The University of Jordan :: Research Groups :: Research Group Advances AI-Powered Translation...
News And Events

Research Group Advances AI-Powered Translation of Jordanian Arabic to Modern Standard Arabic

The Machine Learning for Natural Language Processing and Computer Vision research group has made significant progress in its project, "Developing Applications to Correct Jordanian Spoken Arabic to Proper Language Using Machine Learning Techniques," funded by the Jordanian Scientific Research and Innovation Support Fund with a grant of JOD 30,100.
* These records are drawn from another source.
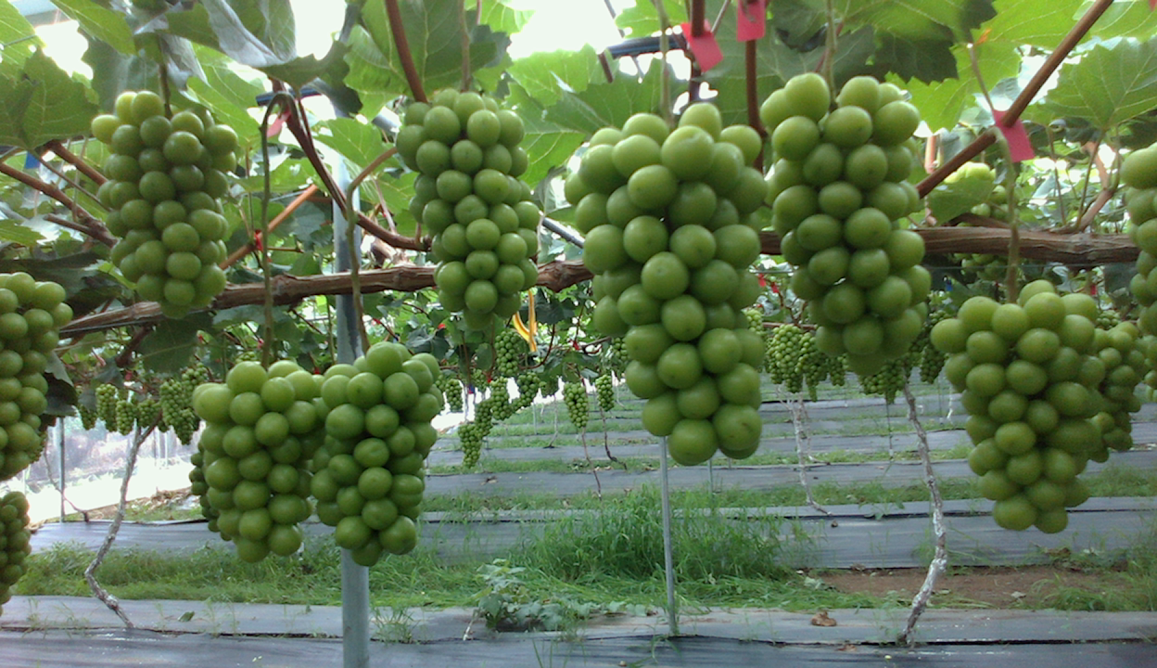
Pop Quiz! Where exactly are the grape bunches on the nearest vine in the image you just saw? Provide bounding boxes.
[929,280,1106,533]
[92,90,239,318]
[760,73,933,375]
[565,103,769,465]
[193,361,330,562]
[397,87,542,331]
[0,271,71,482]
[311,342,444,566]
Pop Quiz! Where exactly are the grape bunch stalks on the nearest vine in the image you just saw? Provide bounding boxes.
[657,10,676,130]
[344,146,397,354]
[158,66,172,118]
[985,125,1020,303]
[455,0,473,92]
[261,91,299,368]
[823,2,837,113]
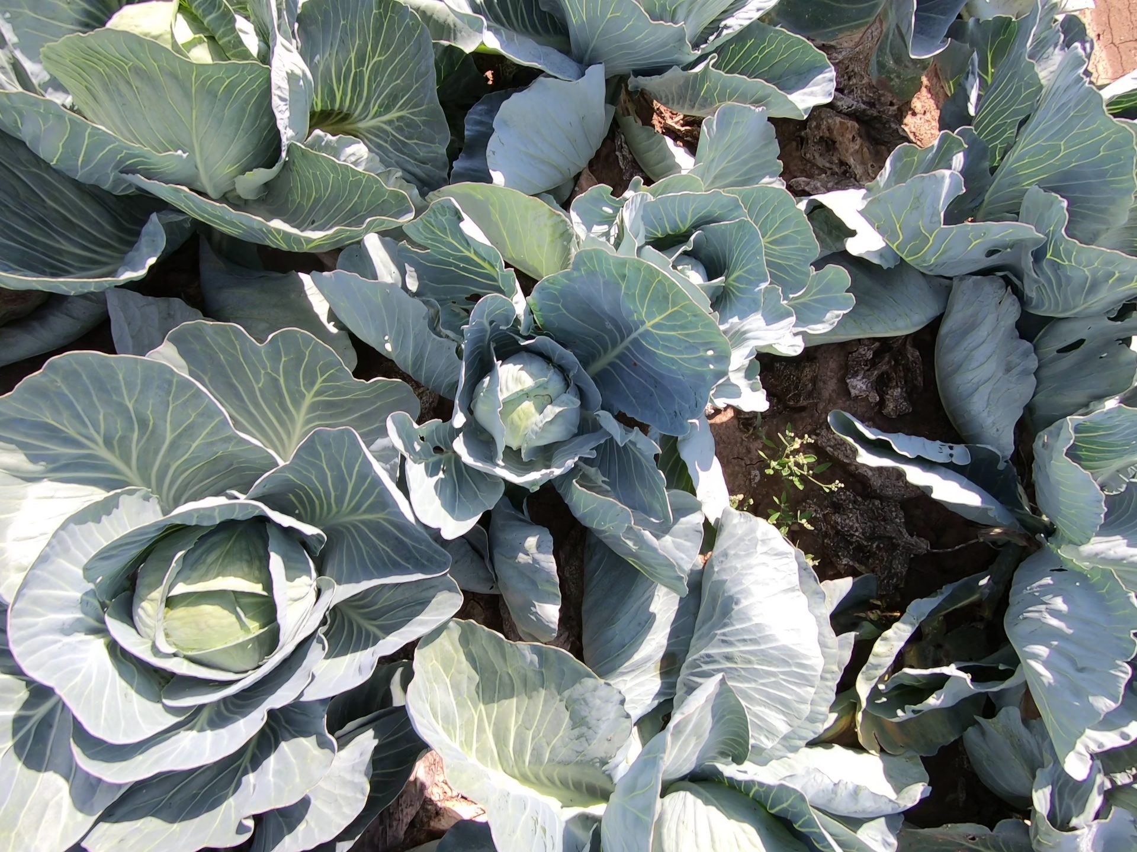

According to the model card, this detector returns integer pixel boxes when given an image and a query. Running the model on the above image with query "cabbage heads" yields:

As part of this project, the group has developed an advanced AI-based system for translating Jordanian Arabic dialect into Modern Standard Arabic (MSA) while correcting common linguistic errors. The system is built using a custom Jordanian Arabic dataset (JODA) of 59,135 sentences, along with synthetically error-injected Tashkeela data, to improve robustness against spelling and morphological variations. By fine-tuning the ByT5 pre-trained language model, the team has achieved notable improvements in BLEU scores and Character Error Rates (CER). The model reduces CER to 4.64% on the Test-200 test set and 1.65% on the TSMTS test set, demonstrating high accuracy.

To share the final results and practical applications of this research, the team will hold a workshop this summer, where they will present findings and showcase real-world applications, including a custom smartphone keyboard and a web portal that enable users to seamlessly translate Jordanian dialect text into proper MSA.

The figures shown above illustrate statistics on the collected dataset (JODA) and examples of the system’s translation performance.